Do you ever stretch your mind to imagine future seasons of life far beyond the one in which you currently live? Every once in awhile I find myself richly reminded that I am currently raising the parents of my future grandchildren.
The reasons I think about this every so often tend to vary, but most recently it hit home once again when I walked upstairs to my bedroom to find my oldest daughter locked inside the adjoining bathroom. This has been an endearing new pastime of hers to want to try Mom’s clothes on for size. I’d found her doing so probably three or four times already, so I knew before I even entered the bathroom what was going on inside. One time I even found her playing in my makeup too 😉
I happen to be a great big softie, so for me this elicited more heart explosions than anything else even though permission was never requested each time. That being said, the first time or two, I couldn’t help but think about how exasperated Natalie would be if she found her little sister in the same scenario with her clothes and personal items 😉 Guarded and private by nature, she tends to come by possessiveness and defensiveness easily at this point in her life, especially with her sister.
At first, I did ask Natalie some leading questions about how she thinks she would have reacted if she had walked in on her sister into her things without her permission – and she definitely got the point and did some self-reflecting without me having to say too much. But not only was it clear that this valid point fell utterly peripheral to her pressing motivations of the moment, I also came to believe that this same truth was beside the bigger point. It was rather inconsequential when compared with two important matters of the heart I could not ignore.
Not only was my daughter exercising the awesome power of imagination and finding joy in the endless possibilities found in the unique items that seem to embody Mom’s womanhood – but more importantly, this was an opportunity to model for my child the same response I would want her to meet her own children with some day.
Never before had I found myself so humbled in realizing what a powerful moment I was gifted with to make a difference in the lives of my children’s children. Though I may fail to see them, I actually have these opportunities every single day, all throughout the day. Indeed, we all teach our children how to love, by how we show love to them.
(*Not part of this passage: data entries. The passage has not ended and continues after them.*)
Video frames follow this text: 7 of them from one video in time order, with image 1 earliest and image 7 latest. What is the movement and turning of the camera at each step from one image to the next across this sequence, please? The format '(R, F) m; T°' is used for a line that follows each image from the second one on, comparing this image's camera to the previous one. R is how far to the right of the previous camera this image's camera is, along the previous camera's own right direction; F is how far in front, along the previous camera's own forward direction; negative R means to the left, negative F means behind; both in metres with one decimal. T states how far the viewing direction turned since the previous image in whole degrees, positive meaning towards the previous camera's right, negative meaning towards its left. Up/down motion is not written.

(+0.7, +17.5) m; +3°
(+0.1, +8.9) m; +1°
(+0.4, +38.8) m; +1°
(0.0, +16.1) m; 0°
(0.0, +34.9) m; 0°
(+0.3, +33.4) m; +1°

Here’s the clincher – seriously, this is what really gets me! We have this opportunity now to make the most of these opportunities, but soon – soon, our influence will no longer be so innate and accessible … or even welcomed. Just consider it – how common is it for grandparents to instruct their children in the art of parenting, as their children raise their own children each day?
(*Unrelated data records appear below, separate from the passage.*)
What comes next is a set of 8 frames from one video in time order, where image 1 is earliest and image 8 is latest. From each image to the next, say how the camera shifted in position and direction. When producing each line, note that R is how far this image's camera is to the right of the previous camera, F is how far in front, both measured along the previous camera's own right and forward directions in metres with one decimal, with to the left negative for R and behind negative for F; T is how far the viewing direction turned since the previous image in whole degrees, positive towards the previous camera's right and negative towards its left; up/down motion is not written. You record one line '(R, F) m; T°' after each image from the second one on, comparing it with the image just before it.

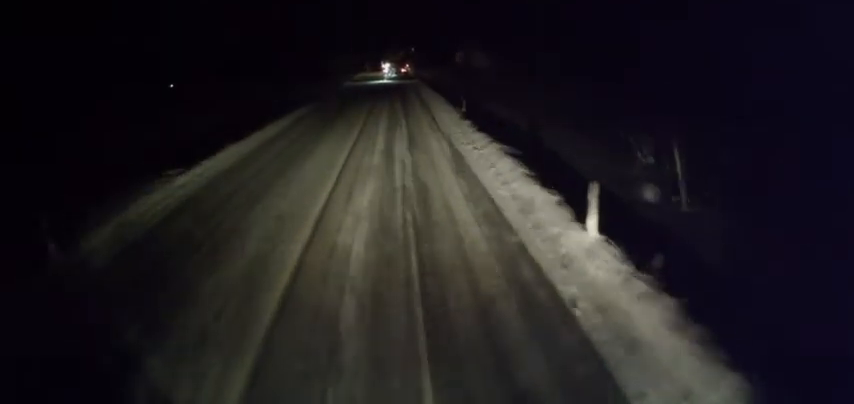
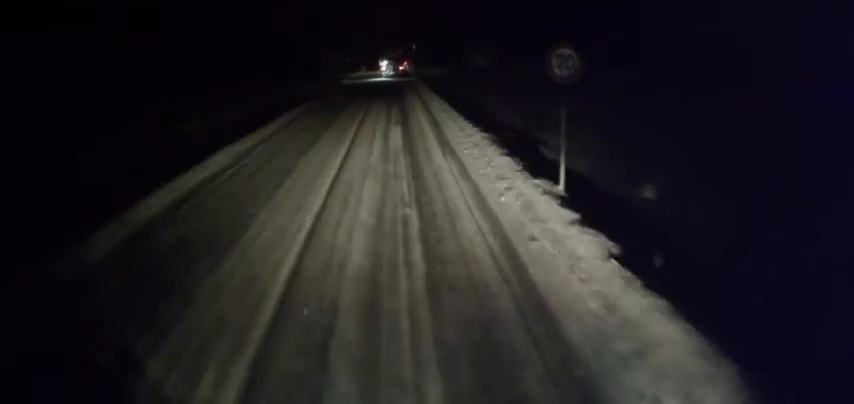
(0.0, +14.6) m; 0°
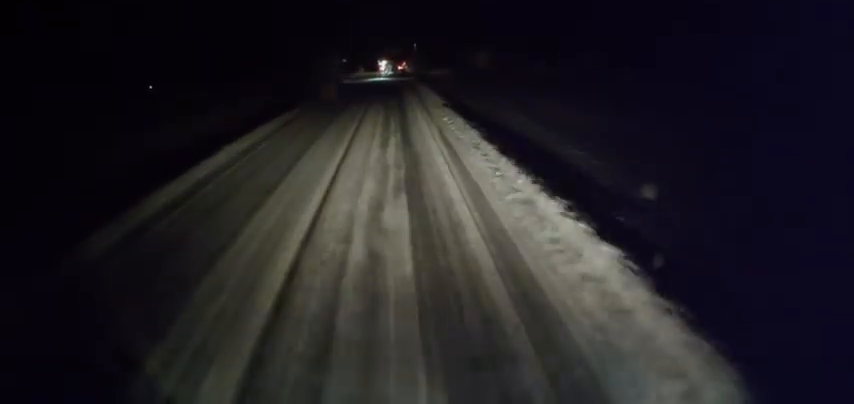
(0.0, +9.3) m; 0°
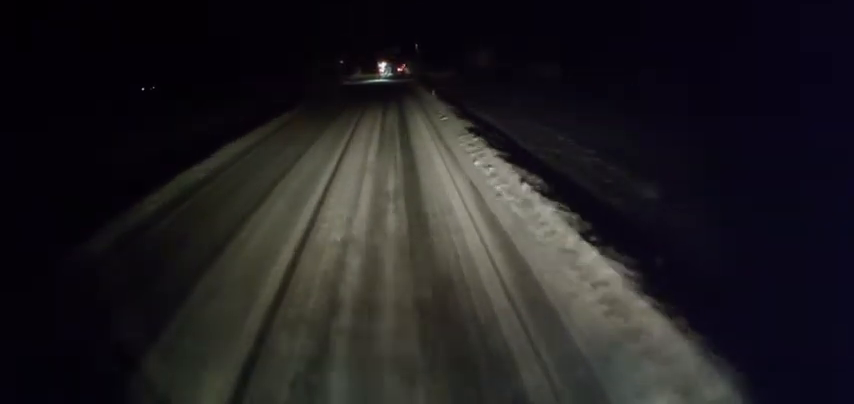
(0.0, +7.6) m; 0°
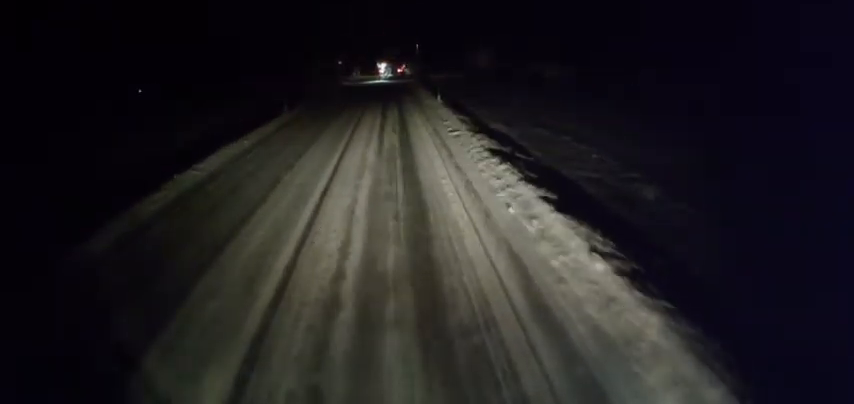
(0.0, +3.6) m; 0°
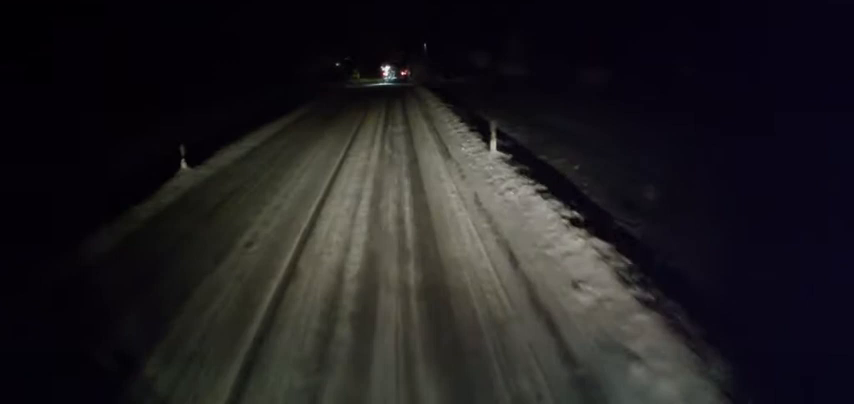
(0.0, +14.0) m; -2°
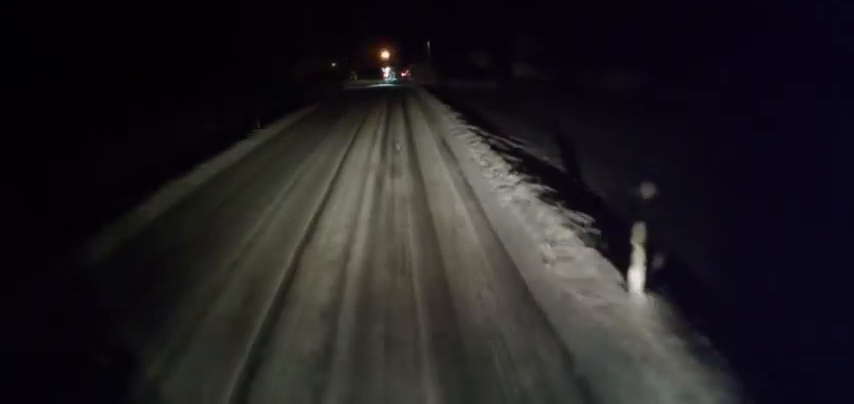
(-0.3, +8.0) m; -2°
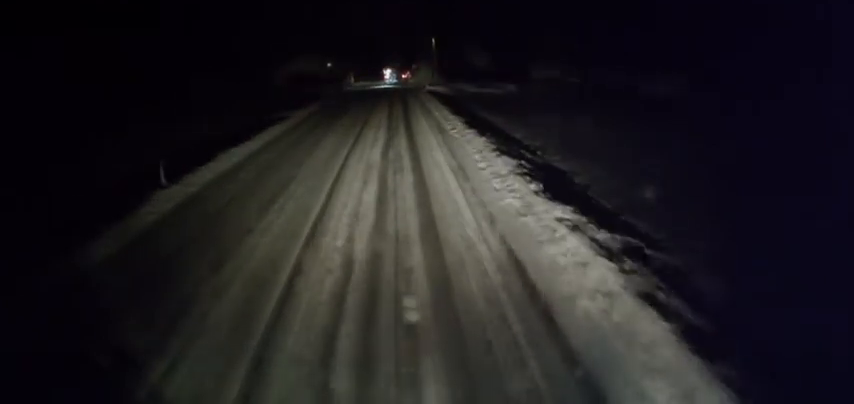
(0.0, +10.1) m; 0°

Yet if we as parents begin with the end in mind, it’s a total game changer! Right now while our children live under our roof as our own, we are instructing them in the art of parenting, just by parenting them! Just like we are all students in the school of life, our kids are our students in the school of parenting, like it or not. Just take a moment and really wrap your mind around that one. Wow, right? It’s an awesome privilege, yet a humbling responsibility.
So maybe you’re saying that’s great and all, but I’m nowhere near being a grandparent – what about the fact that for many of us, that’s years away. How can the average parent begin with the end in mind to raise his own children to be the kind of parents he wants for his future grandchildren?
Define your values
It’s hard to teach and model family values for our kids if we haven’t clearly defined them ourselves. “If you don’t stand for something you will fall for anything.” – Peter Marshall. Whether this means working on a family mission statement, reading good books to pour into you as a parent, or that heart to heart you’ve been needing with your co-parent – take the time to define what’s most important in your family so you can consistently model it for your children.
We all know consistency can eliminate many battles of the will. Kids have a knack for testing boundaries and if boundaries are not clearly defined then kids are all the more likely to explore the limits of the ambiguity they sense.
Show empathy and give grace
Household rules may have their place but even more paramount is our willingness to give grace when they are broken. My favorite book on this topic is by a mother daughter team who believe in a grace-giving God who freely adopts rebels and transforms them into loving sons and daughters. Give Them Grace is a revolutionary perspective on parenting that shows us how to receive the gospel afresh and give grace in abundance, helping our children know the dazzling love of Jesus and respond with heartfelt obedience.
Seek out trusted friends and mentors
Find the ones who will help you see the forest for the trees when you’re feeling weary. Look for the people who will come alongside you and allow you to do the same, to remind one another of what’s most important.
What can you do now to help pave the way for your children’s future journey? Share with us below and be sure to save this post for the days your heart needs a reminder or for a friend in need.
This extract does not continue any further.